Когда Аби очутилась у старой калитки в сад, услышала шелест листвы фруктовых деревьев, посаженых отцом, увидела крыши отцовских домов, возвышающиеся на фоне затянутого облаками неба, отблески огня в очаге дома, где она провела всю свою жизнь, дрожь вернулась и с еще большей силой стала сотрясать ее тело. Она едва переставляла ноги по длинной тропинке, усаженной розовыми кустами; когда же, наконец, добралась до порога родного дома, то рухнула в старое кресло у очага. Абигайль сидела, не в силах пошевелиться, пока поленья в очаге не превратились в пепел. Она слышала ровное дыхание Гедеона, который спал, как ребенок, в комнате наверху. Он так и останется маленьким ребенком, никогда не станет взрослым сильным человеком, который сможет заступиться за нее, защитить. Не было никого, кто мог бы помочь ей, никого - она была совсем одна.

Да, теперь возник вопрос, кому принадлежат ее дома? Закон страны был против нее. Бесполезно доказывать, что дома принадлежали отцу и были выкуплены на деньги, заработанные кропотливым трудом их обоих. Ей никогда и в голову не приходило искать защиты от доброго и нежного старика, каким был ее супруг. Ничего нельзя было сделать: Дик получит все, а ей и ее сыночку придется уйти ни с чем. Единственным приютом для них станет работный дом.

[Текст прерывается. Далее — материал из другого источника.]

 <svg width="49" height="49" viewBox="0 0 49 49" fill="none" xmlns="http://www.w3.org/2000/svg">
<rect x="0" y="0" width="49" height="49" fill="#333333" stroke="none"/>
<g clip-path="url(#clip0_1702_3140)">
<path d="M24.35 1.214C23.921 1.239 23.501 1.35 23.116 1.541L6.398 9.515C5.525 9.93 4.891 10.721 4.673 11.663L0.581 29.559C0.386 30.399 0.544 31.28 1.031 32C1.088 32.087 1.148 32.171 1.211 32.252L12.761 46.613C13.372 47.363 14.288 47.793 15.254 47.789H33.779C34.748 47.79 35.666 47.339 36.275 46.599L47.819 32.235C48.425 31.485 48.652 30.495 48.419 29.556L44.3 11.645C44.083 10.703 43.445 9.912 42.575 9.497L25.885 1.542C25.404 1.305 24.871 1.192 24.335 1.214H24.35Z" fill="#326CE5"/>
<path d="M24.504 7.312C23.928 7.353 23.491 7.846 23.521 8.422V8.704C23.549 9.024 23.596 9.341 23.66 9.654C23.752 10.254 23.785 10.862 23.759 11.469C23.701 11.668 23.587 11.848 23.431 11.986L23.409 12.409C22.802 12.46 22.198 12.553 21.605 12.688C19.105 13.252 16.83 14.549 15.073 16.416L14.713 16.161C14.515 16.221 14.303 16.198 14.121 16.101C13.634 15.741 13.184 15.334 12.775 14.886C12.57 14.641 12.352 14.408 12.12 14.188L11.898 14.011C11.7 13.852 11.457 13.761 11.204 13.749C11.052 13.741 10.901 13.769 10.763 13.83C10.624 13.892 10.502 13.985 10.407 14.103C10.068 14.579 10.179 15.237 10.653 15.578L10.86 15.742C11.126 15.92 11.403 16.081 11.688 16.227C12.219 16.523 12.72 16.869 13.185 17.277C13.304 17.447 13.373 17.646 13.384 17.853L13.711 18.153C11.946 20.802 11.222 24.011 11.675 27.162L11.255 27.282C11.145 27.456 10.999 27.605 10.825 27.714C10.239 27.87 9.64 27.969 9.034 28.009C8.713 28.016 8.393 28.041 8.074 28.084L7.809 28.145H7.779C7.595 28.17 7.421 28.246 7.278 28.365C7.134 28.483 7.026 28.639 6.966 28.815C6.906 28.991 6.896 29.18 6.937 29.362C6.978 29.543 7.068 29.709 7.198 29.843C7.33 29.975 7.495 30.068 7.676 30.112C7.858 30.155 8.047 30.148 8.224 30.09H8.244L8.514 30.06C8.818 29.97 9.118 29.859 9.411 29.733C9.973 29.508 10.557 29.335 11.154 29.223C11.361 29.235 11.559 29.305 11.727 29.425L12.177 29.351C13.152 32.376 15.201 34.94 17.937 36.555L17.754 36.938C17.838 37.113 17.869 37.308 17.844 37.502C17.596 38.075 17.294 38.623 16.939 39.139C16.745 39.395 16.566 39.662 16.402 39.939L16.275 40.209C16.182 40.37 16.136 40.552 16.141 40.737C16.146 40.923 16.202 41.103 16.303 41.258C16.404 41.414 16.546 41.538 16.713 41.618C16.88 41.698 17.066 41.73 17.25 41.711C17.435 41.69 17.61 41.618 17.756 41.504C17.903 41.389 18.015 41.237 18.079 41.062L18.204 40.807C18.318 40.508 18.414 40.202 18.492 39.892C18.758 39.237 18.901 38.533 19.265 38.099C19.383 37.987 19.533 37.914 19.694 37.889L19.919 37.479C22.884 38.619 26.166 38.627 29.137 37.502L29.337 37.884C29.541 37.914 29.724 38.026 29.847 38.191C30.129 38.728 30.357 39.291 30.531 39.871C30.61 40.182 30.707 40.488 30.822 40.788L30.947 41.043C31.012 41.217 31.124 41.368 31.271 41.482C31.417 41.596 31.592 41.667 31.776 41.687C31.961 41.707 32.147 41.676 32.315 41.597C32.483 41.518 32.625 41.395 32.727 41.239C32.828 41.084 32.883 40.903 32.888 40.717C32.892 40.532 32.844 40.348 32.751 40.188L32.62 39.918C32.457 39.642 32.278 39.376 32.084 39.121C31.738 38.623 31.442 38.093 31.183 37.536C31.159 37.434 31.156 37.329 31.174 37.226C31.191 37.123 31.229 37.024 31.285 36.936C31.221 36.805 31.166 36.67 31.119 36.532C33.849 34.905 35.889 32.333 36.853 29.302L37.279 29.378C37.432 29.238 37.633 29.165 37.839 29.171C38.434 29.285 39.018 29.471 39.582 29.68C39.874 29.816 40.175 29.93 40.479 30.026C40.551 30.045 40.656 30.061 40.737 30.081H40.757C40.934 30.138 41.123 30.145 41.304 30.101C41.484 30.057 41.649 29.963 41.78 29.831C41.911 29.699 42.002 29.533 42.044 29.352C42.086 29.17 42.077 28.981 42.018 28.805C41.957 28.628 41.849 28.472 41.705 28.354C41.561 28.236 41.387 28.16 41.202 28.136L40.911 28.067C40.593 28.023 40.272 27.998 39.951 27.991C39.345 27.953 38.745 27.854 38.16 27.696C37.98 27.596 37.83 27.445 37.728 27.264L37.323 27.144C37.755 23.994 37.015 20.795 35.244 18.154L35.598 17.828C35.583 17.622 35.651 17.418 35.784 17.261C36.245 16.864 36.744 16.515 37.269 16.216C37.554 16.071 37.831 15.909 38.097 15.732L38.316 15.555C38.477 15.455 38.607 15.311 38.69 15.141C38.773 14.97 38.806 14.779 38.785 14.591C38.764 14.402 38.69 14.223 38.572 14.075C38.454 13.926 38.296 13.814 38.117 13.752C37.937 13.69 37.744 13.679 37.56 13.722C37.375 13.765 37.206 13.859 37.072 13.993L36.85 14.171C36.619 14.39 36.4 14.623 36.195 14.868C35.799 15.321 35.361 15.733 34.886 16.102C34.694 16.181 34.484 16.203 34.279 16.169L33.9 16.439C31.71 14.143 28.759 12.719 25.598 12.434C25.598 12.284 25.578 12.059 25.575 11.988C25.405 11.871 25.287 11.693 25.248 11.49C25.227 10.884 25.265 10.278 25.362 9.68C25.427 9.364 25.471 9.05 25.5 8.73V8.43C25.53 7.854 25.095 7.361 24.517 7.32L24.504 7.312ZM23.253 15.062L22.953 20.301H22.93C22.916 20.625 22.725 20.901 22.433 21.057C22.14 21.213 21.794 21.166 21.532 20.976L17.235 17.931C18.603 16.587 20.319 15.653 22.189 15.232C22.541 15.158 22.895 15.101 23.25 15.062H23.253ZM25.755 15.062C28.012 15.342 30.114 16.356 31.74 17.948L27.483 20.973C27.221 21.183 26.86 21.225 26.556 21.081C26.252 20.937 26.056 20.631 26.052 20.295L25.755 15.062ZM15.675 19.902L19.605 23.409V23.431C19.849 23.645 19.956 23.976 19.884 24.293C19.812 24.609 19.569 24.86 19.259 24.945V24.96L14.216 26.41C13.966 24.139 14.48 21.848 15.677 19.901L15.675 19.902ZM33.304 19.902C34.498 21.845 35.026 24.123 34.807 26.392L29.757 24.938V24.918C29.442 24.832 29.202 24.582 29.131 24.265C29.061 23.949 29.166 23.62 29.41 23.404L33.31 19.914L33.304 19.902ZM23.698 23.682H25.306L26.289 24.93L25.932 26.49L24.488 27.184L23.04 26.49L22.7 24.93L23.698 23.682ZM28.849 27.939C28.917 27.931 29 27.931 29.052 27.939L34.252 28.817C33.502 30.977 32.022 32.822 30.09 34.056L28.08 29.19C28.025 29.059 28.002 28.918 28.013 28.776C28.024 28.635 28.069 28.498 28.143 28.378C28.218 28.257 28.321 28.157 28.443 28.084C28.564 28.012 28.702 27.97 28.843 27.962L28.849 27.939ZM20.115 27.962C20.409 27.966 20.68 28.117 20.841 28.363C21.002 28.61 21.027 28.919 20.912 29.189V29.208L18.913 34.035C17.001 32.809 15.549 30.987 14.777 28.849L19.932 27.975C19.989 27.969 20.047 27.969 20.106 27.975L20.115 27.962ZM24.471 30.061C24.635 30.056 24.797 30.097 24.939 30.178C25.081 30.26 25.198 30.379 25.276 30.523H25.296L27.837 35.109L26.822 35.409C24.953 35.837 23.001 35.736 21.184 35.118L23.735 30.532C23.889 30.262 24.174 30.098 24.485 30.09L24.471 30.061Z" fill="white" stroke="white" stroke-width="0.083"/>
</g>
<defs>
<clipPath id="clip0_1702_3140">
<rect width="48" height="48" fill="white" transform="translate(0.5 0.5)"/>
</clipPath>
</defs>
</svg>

Абигайль никак не могла поверить в это. Ей казалось, что сам Бог должен вмешаться, чтобы не допустить этой ужасной несправедливости, этой горькой трагедии. Соседи, которые пришли повидаться с ней, были до предела возмущены поведением Дика. Миссис Мерридью и ее дочь, которые снимали соседний коттедж, заявили, что уйдут, если только Абигайль выгонят. Все вокруг открыто стыдили Дика, но на него ничего не действовало. Бедной Абигайль даже не хватало сил молиться о помощи, хотя в глубине души она умоляла о пощаде. Дни проходили; изнеможение и растерянность женщины росли. Приближался час, когда ее и Гедеона бесчестно вышвырнут на улицу; они станут бродягами, и им негде будет приклонить голову.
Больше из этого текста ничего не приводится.